Did you catch the sentence that wandered from the subject of the paragraph? It was the one about the limousine. If that sentence didn’t leap out at you, read it again — it’s as though the writer got distracted by the cars he was describing and forgot that the point of the paragraph was the start of an exciting motorcycle ride. Read the paragraph again without that sentence and you’ll see how much more focused it becomes.
Here’s another example from an expository paper. See if you can spot the sentence that wanders off track:
One of the most important and controversial parts of the U.S. Constitution is what is referred to as the Necessary and Proper Clause. It is found in Article One, section 8, and gives Congress the power to “make all laws which shall be necessary and proper for carrying into execution” the powers given to them. This little clause is important because it seems to give a great deal of power to Congress. It is an old axiom that “Power corrupts, and absolute power corrupts absolutely.” The historic point of controversy over this clause has to do with how we define the words necessary and proper.
See it?

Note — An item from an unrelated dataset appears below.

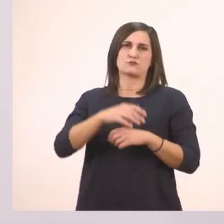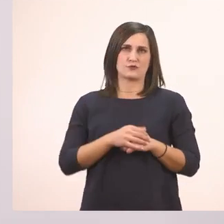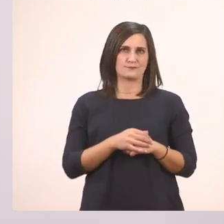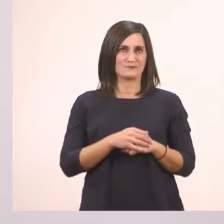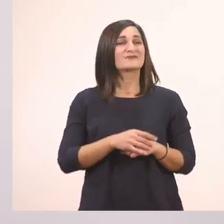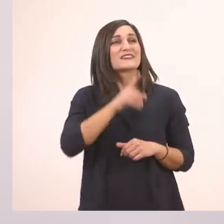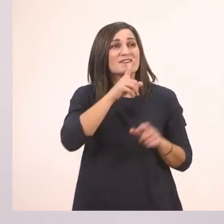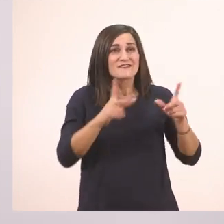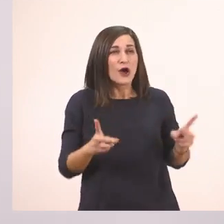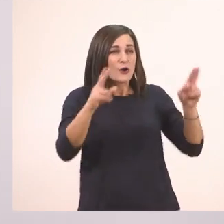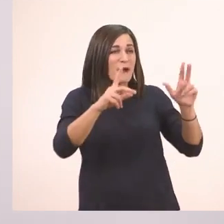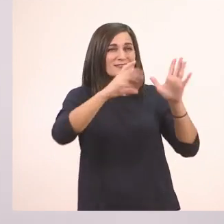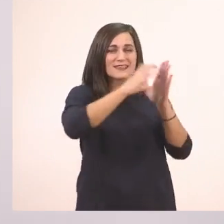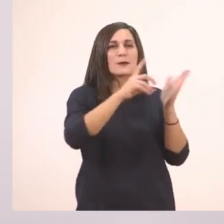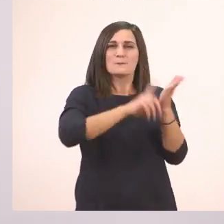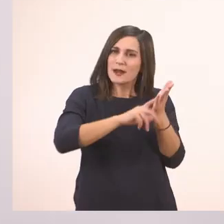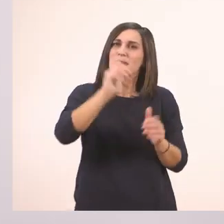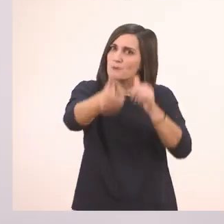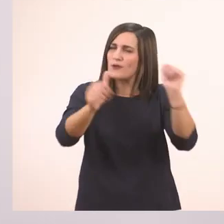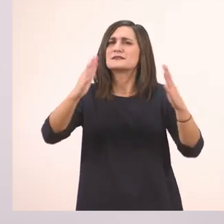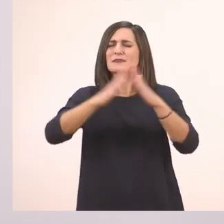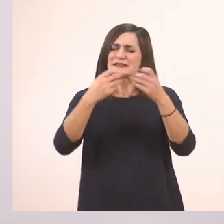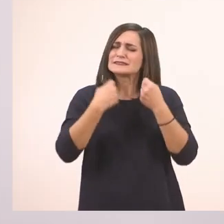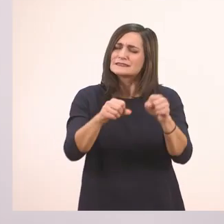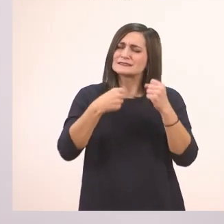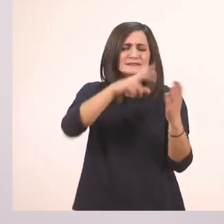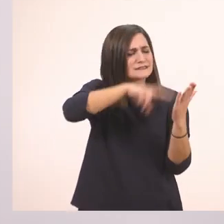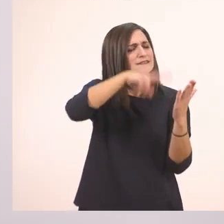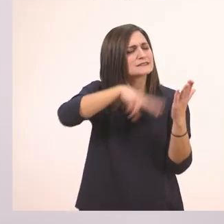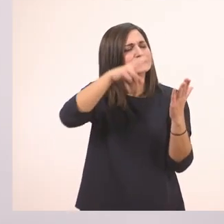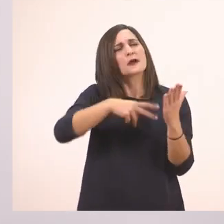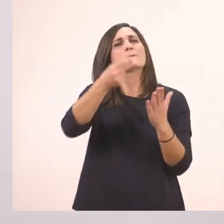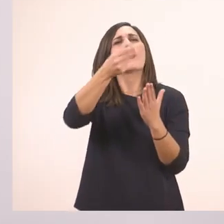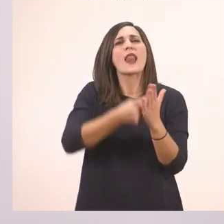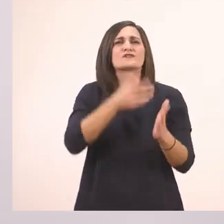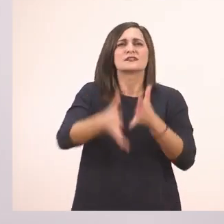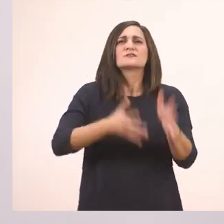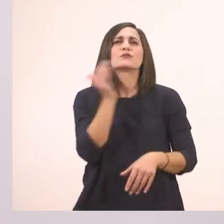Αυτή είναι η ανάγνωσή μας. Θα τη διαβάσετε κι εσείς πολλές φορές στο σπίτι, μέχρι να τη λέτε έτσι γρήγορα και ωραία.

The sentence that contains the quote about absolute power doesn’t quite fit. It’s a good quote and might be useful somewhere else in the paper, but as it is, the sentence is a distraction from the overall purpose of the paragraph. It tempts the reader to contemplate the corrupting effects of power when they should simply be learning about an important and controversial part of the Constitution.
Some people have a round-about way of speaking. Maybe you’re like that. You get started in one direction, but a word or a phrase will remind you of a completely different story, and you’ll head off on a tangent for a while. Sometimes you get so excited about this secondary idea that you forget what the first point even was.
People put up with this when we’re speaking casually, but it’s a bad habit for writers. Good writers make sure that every word, every sentence, every paragraph serves the purpose of the paper.
Writing with unity requires mental discipline. Active minds are easily distracted. It’s a common thing to begin a journey with a clear destination, only to get sidetracked and find yourself lost and needing to find your way back to the original path. Don’t let this happen as you write. Keep focused and let every sentence serve your overall purpose.